Activity: In the listing below, locate the lines that hold "FFFFFF" and copy them.

Data for processing:
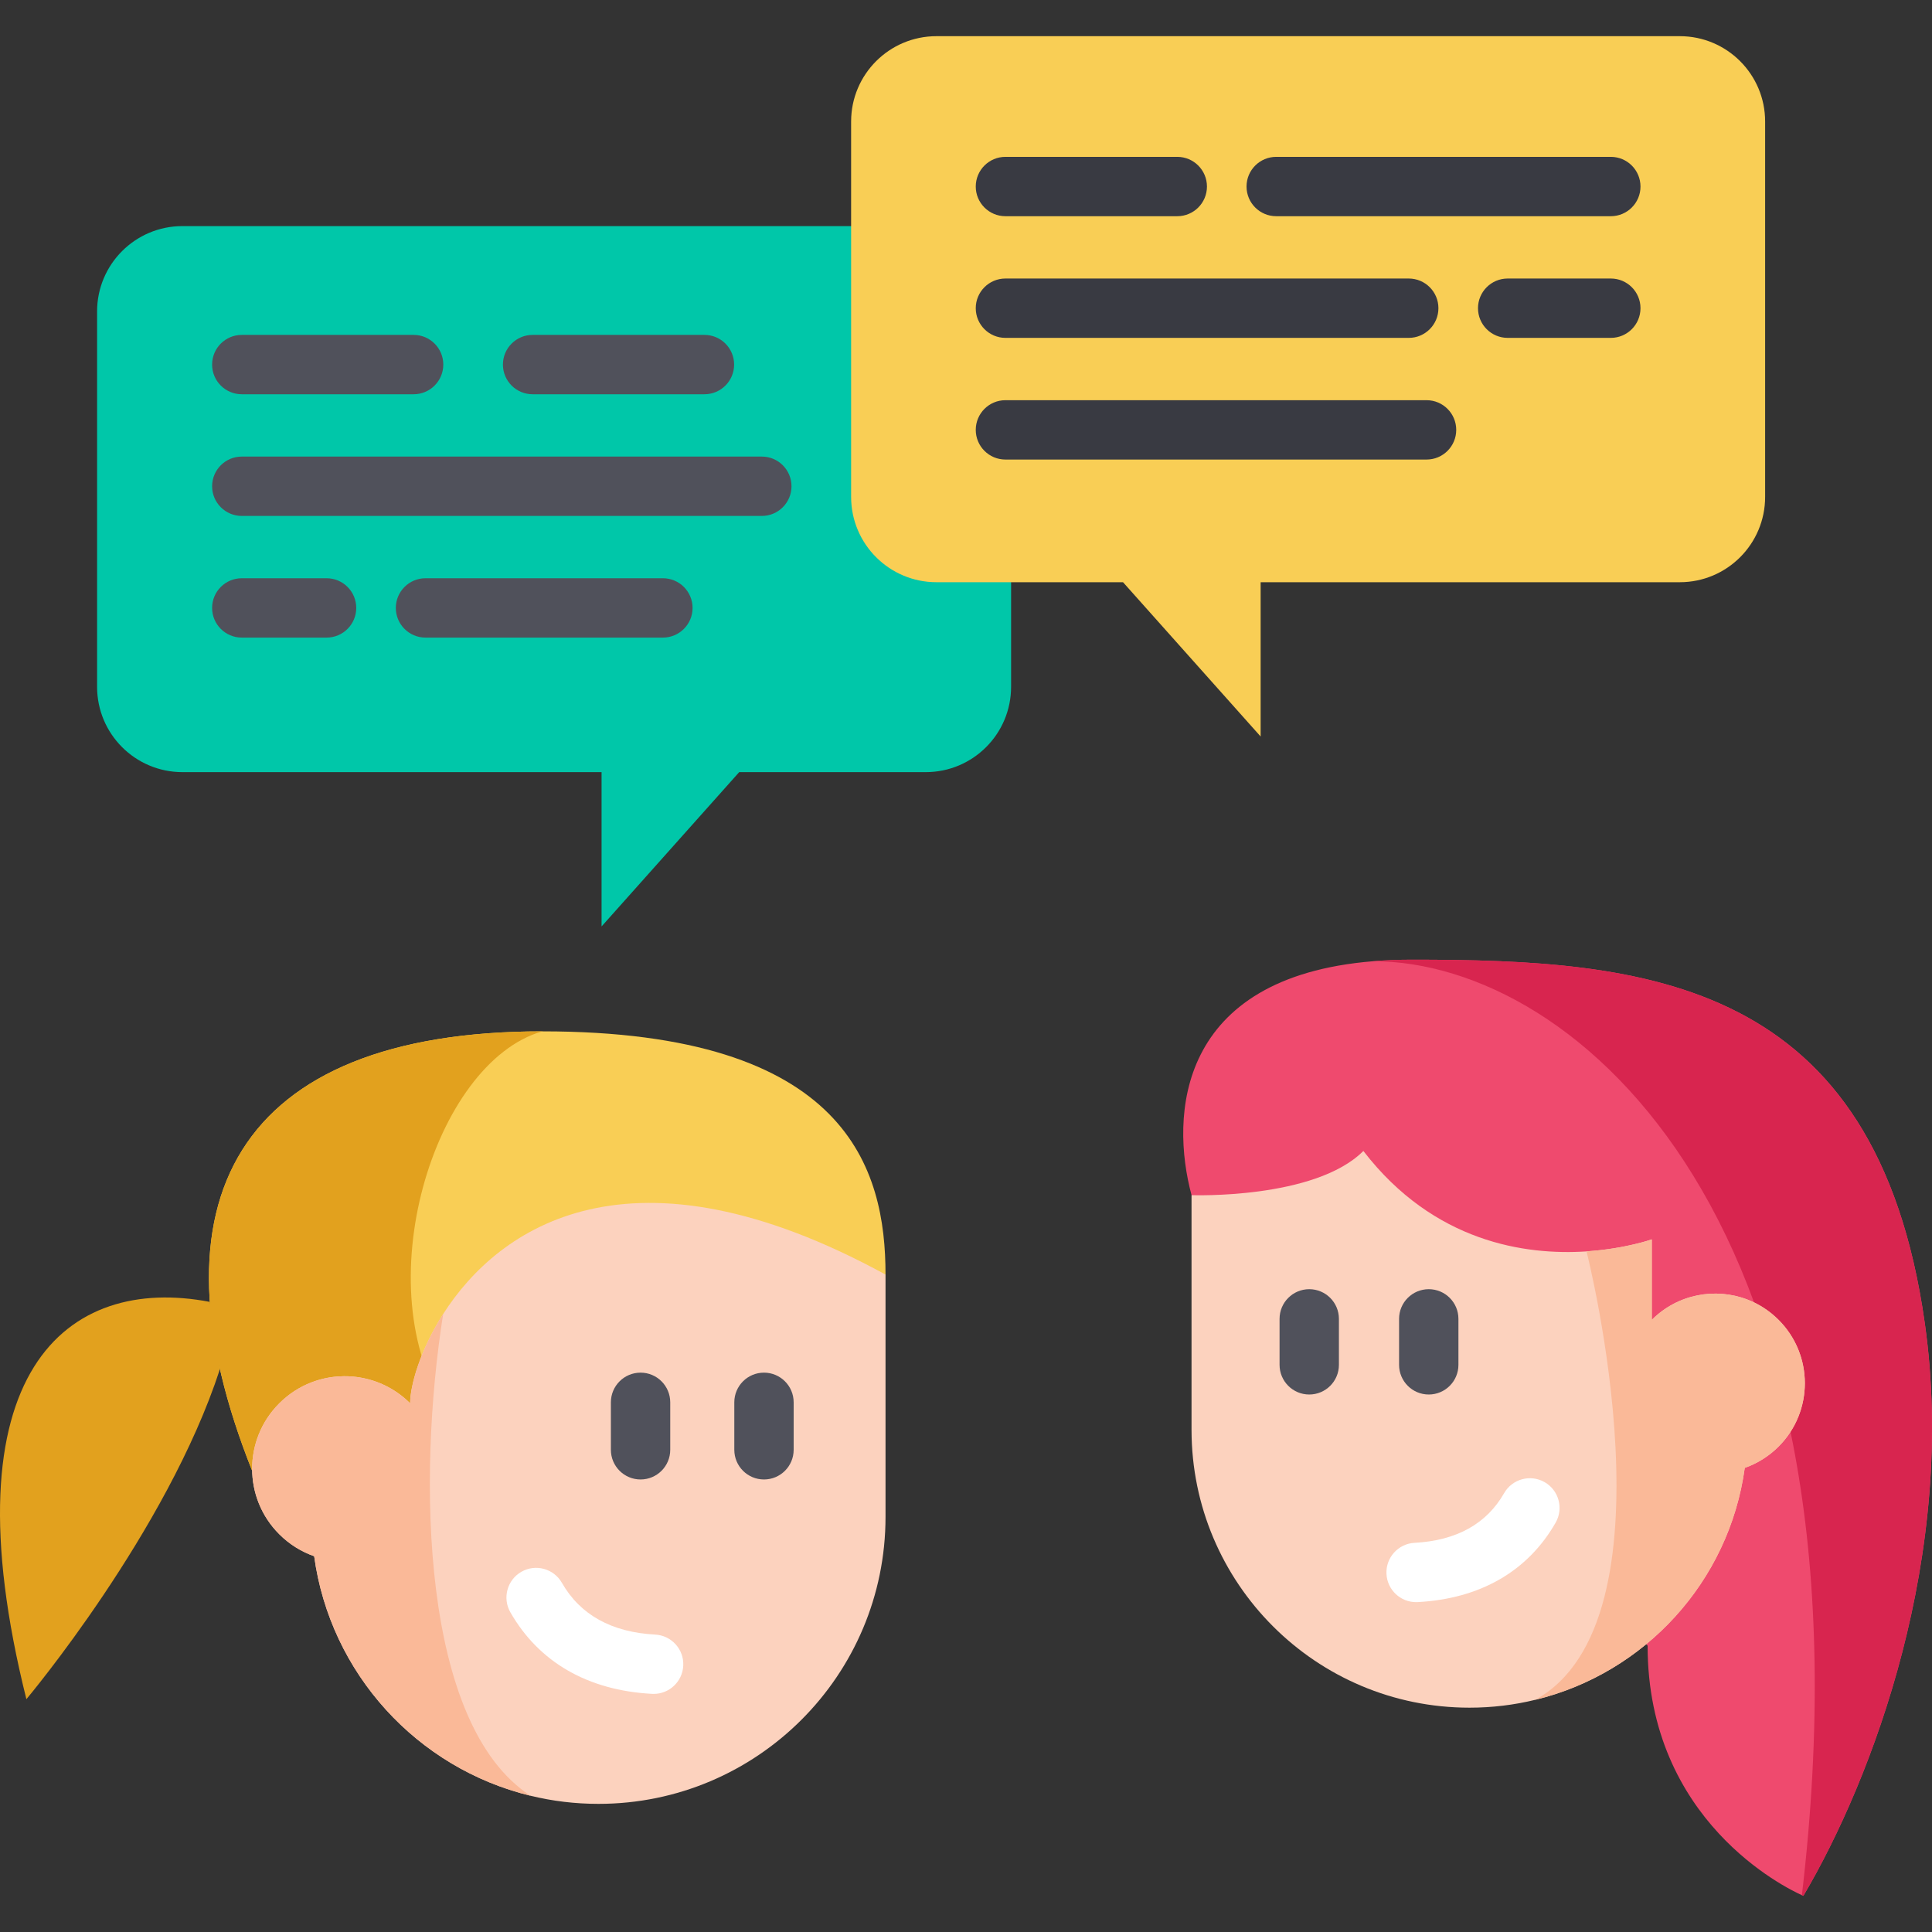 <?xml version="1.0" encoding="iso-8859-1"?>
<!-- Generator: Adobe Illustrator 19.0.0, SVG Export Plug-In . SVG Version: 6.00 Build 0)  -->
<svg version="1.1" id="Capa_1" xmlns="http://www.w3.org/2000/svg" xmlns:xlink="http://www.w3.org/1999/xlink" x="0px" y="0px"
	 viewBox="0 0 512.001 512.001" style="enable-background:new 0 0 512.001 512.001;" xml:space="preserve">
<rect x="0" y="0" width="512.001" height="512.001" fill="#333333" stroke="none"/>
<path style="fill:#EF4A6E;" d="M477.916,502.414c0,0-0.136-0.052-0.398-0.168c-4.215-1.898-40.886-19.683-40.886-66.126
	L315.777,316.733c-5.663-20.952-3.922-57.758,48.101-61.995c3.24-0.273,6.68-0.409,10.318-0.409
	c62.089,0,123.015,4.991,135.902,96.379C518.718,411.854,496.309,471.259,477.916,502.414z"/>
<path style="fill:#D8254F;" d="M477.916,502.414c0,0-0.136-0.052-0.398-0.168c0.01-0.021,0.01-0.042,0.01-0.063
	c20.973-178.267-59.772-247.445-113.65-247.445c3.24-0.273,6.68-0.409,10.318-0.409c62.089,0,123.015,4.991,135.902,96.379
	C518.718,411.854,496.309,471.259,477.916,502.414z"/>
<path style="fill:#F9CE55;" d="M234.674,337.773l-116.168,35.996l-51.677,16.02c-28.494-71.4-4.186-116.471,76.893-116.471
	C224.789,273.318,234.674,309.943,234.674,337.773z"/>
<path style="fill:#E2A11E;" d="M118.506,373.769l-51.677,16.02c-28.494-71.4-4.186-116.471,76.893-116.471
	C114.9,281.534,96.642,341.705,118.506,373.769z"/>
<path style="fill:#FCD2BE;" d="M234.674,337.773v64.213c0,41.998-34.061,76.058-76.071,76.058c-6.207,0-12.245-0.738-18.016-2.154
	c-30.019-7.284-53.069-32.378-57.327-63.474c-3.376-1.186-6.546-3.122-9.256-5.832c-9.582-9.571-9.582-25.106,0-34.677
	c2.517-2.517,5.433-4.38,8.542-5.566c8.76-3.364,19.081-1.512,26.148,5.554c0-4.695,2.626-14.072,8.748-23.666
	C132.166,325.152,167.158,300.881,234.674,337.773z"/>
<path style="fill:#FAB998;" d="M140.588,475.89c-30.019-7.284-53.069-32.378-57.327-63.474c-3.376-1.186-6.546-3.122-9.256-5.832
	c-9.582-9.571-9.582-25.106,0-34.677c2.517-2.517,5.433-4.38,8.542-5.566c8.76-3.364,19.081-1.512,26.148,5.554
	c0-4.695,2.626-14.072,8.748-23.666C110.545,391.81,111.621,457.099,140.588,475.89z"/>
<g>
	<path style="fill:#50515B;" d="M169.756,392.076c-4.343,0-7.865-3.521-7.865-7.865V371.63c0-4.343,3.521-7.865,7.865-7.865
		s7.865,3.521,7.865,7.865v12.581C177.62,388.555,174.099,392.076,169.756,392.076z"/>
	<path style="fill:#50515B;" d="M202.464,392.076c-4.343,0-7.865-3.521-7.865-7.865V371.63c0-4.343,3.521-7.865,7.865-7.865
		s7.865,3.521,7.865,7.865v12.581C210.329,388.555,206.808,392.076,202.464,392.076z"/>
</g>
<path style="fill:#FFFFFF;" d="M173.22,448.902c-0.142,0-0.283-0.003-0.426-0.012c-16.998-0.908-29.981-8.385-37.545-21.622
	c-2.155-3.772-0.845-8.576,2.927-10.731c3.771-2.156,8.576-0.845,10.731,2.927c4.849,8.486,13.169,13.102,24.727,13.719
	c4.337,0.232,7.667,3.936,7.434,8.273C180.843,445.651,177.371,448.902,173.22,448.902z"/>
<path style="fill:#E2A11E;" d="M55.612,345.017c-37.726-7.244-70.397,18.165-48.618,105.282c0,0,37.261-44.318,51.3-87.496"/>
<path style="fill:#00C7A9;" d="M245.335,59.919H48.346c-12.49,0-22.616,10.126-22.616,22.616v99.472
	c0,12.49,10.126,22.616,22.616,22.616h111.077v40.894l36.473-40.894h49.439c12.49,0,22.616-10.126,22.616-22.616V82.536
	C267.951,70.044,257.826,59.919,245.335,59.919z"/>
<path style="fill:#F9CE55;" d="M248.173,9.588h196.989c12.49,0,22.616,10.126,22.616,22.616v99.472
	c0,12.49-10.126,22.616-22.616,22.616H334.084v40.894l-36.473-40.894h-49.439c-12.49,0-22.616-10.126-22.616-22.616V32.203
	C225.556,19.713,235.682,9.588,248.173,9.588z"/>
<g>
	<path style="fill:#393A42;" d="M426.883,57.298h-88.674c-4.343,0-7.865-3.521-7.865-7.865s3.521-7.865,7.865-7.865h88.674
		c4.343,0,7.865,3.521,7.865,7.865S431.227,57.298,426.883,57.298z"/>
	<path style="fill:#393A42;" d="M311.991,57.298h-45.54c-4.343,0-7.865-3.521-7.865-7.865s3.521-7.865,7.865-7.865h45.54
		c4.343,0,7.865,3.521,7.865,7.865S316.335,57.298,311.991,57.298z"/>
	<path style="fill:#393A42;" d="M426.883,89.541h-27.333c-4.343,0-7.865-3.521-7.865-7.865c0-4.343,3.521-7.865,7.865-7.865h27.333
		c4.343,0,7.865,3.521,7.865,7.865C434.748,86.02,431.227,89.541,426.883,89.541z"/>
	<path style="fill:#393A42;" d="M373.333,89.541H266.451c-4.343,0-7.865-3.521-7.865-7.865c0-4.343,3.521-7.865,7.865-7.865h106.882
		c4.343,0,7.865,3.521,7.865,7.865C381.198,86.02,377.676,89.541,373.333,89.541z"/>
	<path style="fill:#393A42;" d="M378.052,121.786H266.451c-4.343,0-7.865-3.521-7.865-7.865s3.521-7.865,7.865-7.865h111.601
		c4.343,0,7.865,3.521,7.865,7.865S382.395,121.786,378.052,121.786z"/>
</g>
<g>
	<path style="fill:#50515B;" d="M109.615,104.483h-45.54c-4.343,0-7.865-3.521-7.865-7.865c0-4.343,3.521-7.865,7.865-7.865h45.54
		c4.343,0,7.865,3.521,7.865,7.865C117.479,100.962,113.959,104.483,109.615,104.483z"/>
	<path style="fill:#50515B;" d="M186.686,104.483h-45.54c-4.343,0-7.865-3.521-7.865-7.865c0-4.343,3.521-7.865,7.865-7.865h45.54
		c4.343,0,7.865,3.521,7.865,7.865C194.55,100.962,191.029,104.483,186.686,104.483z"/>
	<path style="fill:#50515B;" d="M201.891,136.728H64.075c-4.343,0-7.865-3.521-7.865-7.865c0-4.343,3.521-7.865,7.865-7.865h137.816
		c4.343,0,7.865,3.521,7.865,7.865C209.755,133.206,206.234,136.728,201.891,136.728z"/>
	<path style="fill:#50515B;" d="M175.675,168.971h-62.912c-4.343,0-7.865-3.521-7.865-7.865s3.521-7.865,7.865-7.865h62.912
		c4.343,0,7.865,3.521,7.865,7.865S180.018,168.971,175.675,168.971z"/>
	<path style="fill:#50515B;" d="M86.545,168.971h-22.47c-4.343,0-7.865-3.521-7.865-7.865s3.521-7.865,7.865-7.865h22.47
		c4.343,0,7.865,3.521,7.865,7.865S90.889,168.971,86.545,168.971z"/>
</g>
<path style="fill:#FCD2BE;" d="M471.342,383.359c-2.625,2.625-5.694,4.499-8.963,5.647c-4.124,30.109-26.442,54.407-55.508,61.46
	c-5.588,1.371-11.434,2.086-17.445,2.086c-40.676,0-73.656-32.979-73.656-73.644v-62.174c0,0,32.651,1.171,45.539-11.715
	c18.71,24.286,43.02,27.672,59.141,26.617c0-0.012,0-0.012,0-0.012c10.322-0.68,17.292-3.175,17.292-3.175v21.334l0.012-0.012
	c6.842-6.842,16.836-8.634,25.317-5.377c3.011,1.148,5.835,2.952,8.272,5.389C480.621,359.048,480.621,374.091,471.342,383.359z"/>
<path style="fill:#FAB998;" d="M471.342,383.359c-2.625,2.625-5.694,4.499-8.963,5.647c-4.124,30.109-26.442,54.407-55.508,61.46
	c38.251-20.983,13.907-117.53,13.579-118.832c0-0.012,0-0.012,0-0.012c10.322-0.68,17.292-3.175,17.292-3.175v21.334l0.012-0.012
	c6.842-6.842,16.836-8.634,25.317-5.377c3.011,1.148,5.835,2.952,8.272,5.389C480.621,359.048,480.621,374.091,471.342,383.359z"/>
<g>
	<path style="fill:#50515B;" d="M378.635,369.561c-4.343,0-7.865-3.521-7.865-7.865v-12.182c0-4.343,3.521-7.865,7.865-7.865
		c4.343,0,7.865,3.521,7.865,7.865v12.182C386.5,366.039,382.978,369.561,378.635,369.561z"/>
	<path style="fill:#50515B;" d="M346.963,369.561c-4.343,0-7.865-3.521-7.865-7.865v-12.182c0-4.343,3.521-7.865,7.865-7.865
		s7.865,3.521,7.865,7.865v12.182C354.828,366.039,351.307,369.561,346.963,369.561z"/>
</g>
<path style="fill:#FFFFFF;" d="M375.279,424.584c-4.152,0-7.624-3.251-7.847-7.445c-0.232-4.337,3.097-8.041,7.434-8.273
	c11.101-0.592,19.088-5.021,23.739-13.158c2.156-3.771,6.961-5.081,10.731-2.927c3.771,2.155,5.082,6.96,2.927,10.731
	c-7.369,12.894-20.01,20.178-36.557,21.061C375.563,424.581,375.421,424.584,375.279,424.584z"/>
<g>
</g>
<g>
</g>
<g>
</g>
<g>
</g>
<g>
</g>
<g>
</g>
<g>
</g>
<g>
</g>
<g>
</g>
<g>
</g>
<g>
</g>
<g>
</g>
<g>
</g>
<g>
</g>
<g>
</g>
</svg>

Answer to this task:
<path style="fill:#FFFFFF;" d="M173.22,448.902c-0.142,0-0.283-0.003-0.426-0.012c-16.998-0.908-29.981-8.385-37.545-21.622
<path style="fill:#FFFFFF;" d="M375.279,424.584c-4.152,0-7.624-3.251-7.847-7.445c-0.232-4.337,3.097-8.041,7.434-8.273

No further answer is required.